Collected data entries:
******************************

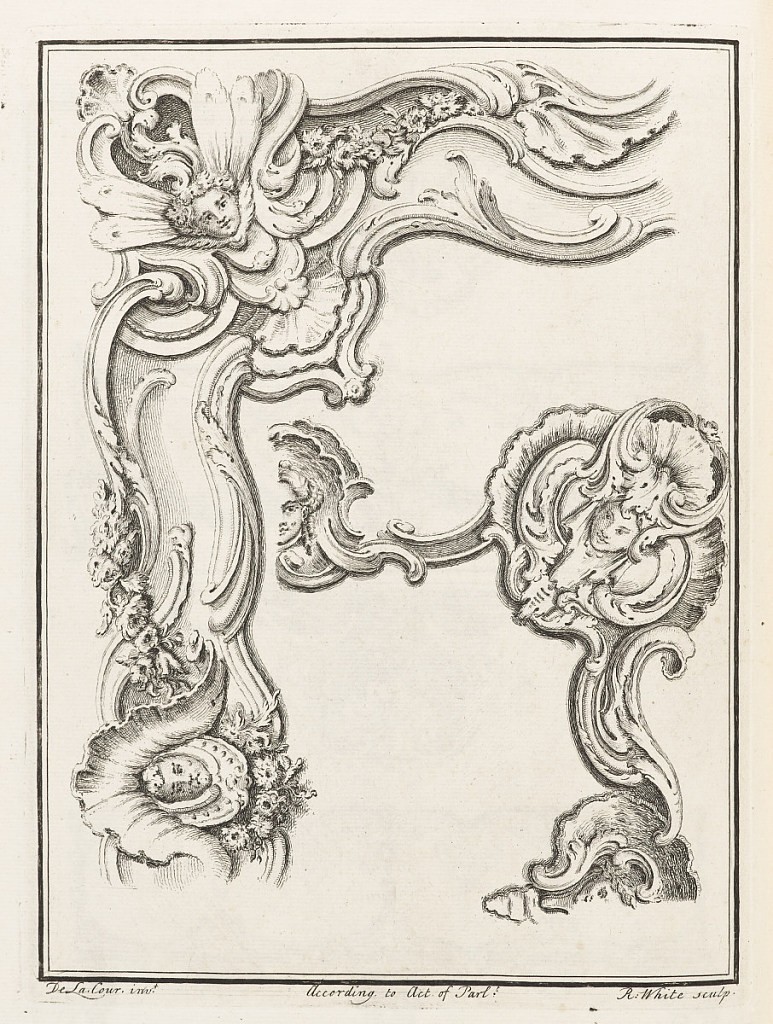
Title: Frontispiece for Book 4, in Eight books of Ornament
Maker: William Delacour, French, 1741 – 1767
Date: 1741–47
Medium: Engravings on white laid paper, bound in half-calf and marbled boards
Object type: Bound volume
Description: First book (dedicated to Lord Middlesex): title page and six plates, dated 1741, of rocaille cartouches; second book (dedicated to the Earl of Holderness): title page and five rocaille motifs, dated 1742; third book (dedicated to the Duke of Rutland): title page and six plates of cartouches, dated 1743; fifth book; title page and fourteen plates (one bound upside down) of furniture, dated 1743; sixth and seventh books: title pages (half-size) and fourteen plates of cartouches, undated; eighth book: title page and six plates of jewelery, dated 1747.
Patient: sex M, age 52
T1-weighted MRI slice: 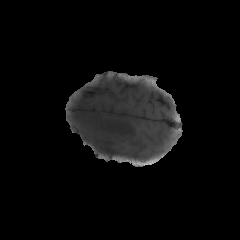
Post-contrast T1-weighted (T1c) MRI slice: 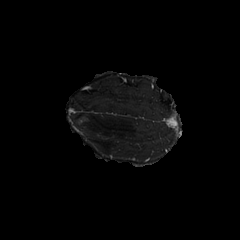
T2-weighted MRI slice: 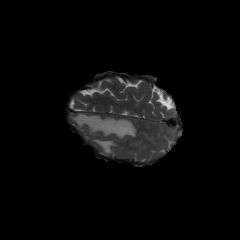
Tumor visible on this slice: yes
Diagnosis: Glioblastoma, IDH-wildtype
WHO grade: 4
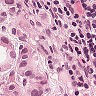
Metastatic tissue present: yes
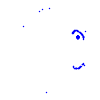
Particle: proton
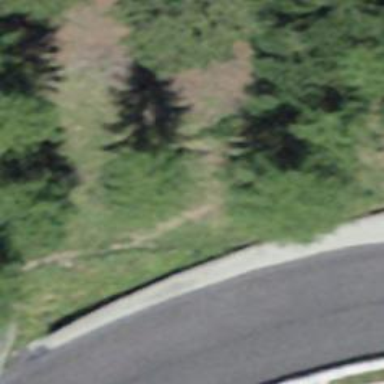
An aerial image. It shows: Path.
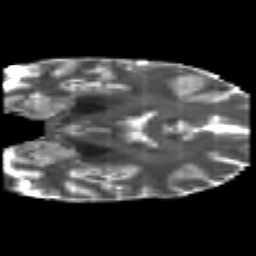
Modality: T2w
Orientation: coronal
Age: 27
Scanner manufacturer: philips
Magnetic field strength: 3 T
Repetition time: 8.604 s
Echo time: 0.1268 s

******************************

Repeat the entries word for word and skip the pictures.

Title: Frontispiece for Book 4, in Eight books of Ornament
Maker: William Delacour, French, 1741 – 1767
Date: 1741–47
Medium: Engravings on white laid paper, bound in half-calf and marbled boards
Object type: Bound volume
Description: First book (dedicated to Lord Middlesex): title page and six plates, dated 1741, of rocaille cartouches; second book (dedicated to the Earl of Holderness): title page and five rocaille motifs, dated 1742; third book (dedicated to the Duke of Rutland): title page and six plates of cartouches, dated 1743; fifth book; title page and fourteen plates (one bound upside down) of furniture, dated 1743; sixth and seventh books: title pages (half-size) and fourteen plates of cartouches, undated; eighth book: title page and six plates of jewelery, dated 1747.
Patient: sex M, age 52
T1-weighted MRI slice: 
Post-contrast T1-weighted (T1c) MRI slice: 
T2-weighted MRI slice: 
Tumor visible on this slice: yes
Diagnosis: Glioblastoma, IDH-wildtype
WHO grade: 4
Metastatic tissue present: yes
Particle: proton
An aerial image. It shows: Path.
Modality: T2w
Orientation: coronal
Age: 27
Scanner manufacturer: philips
Magnetic field strength: 3 T
Repetition time: 8.604 s
Echo time: 0.1268 s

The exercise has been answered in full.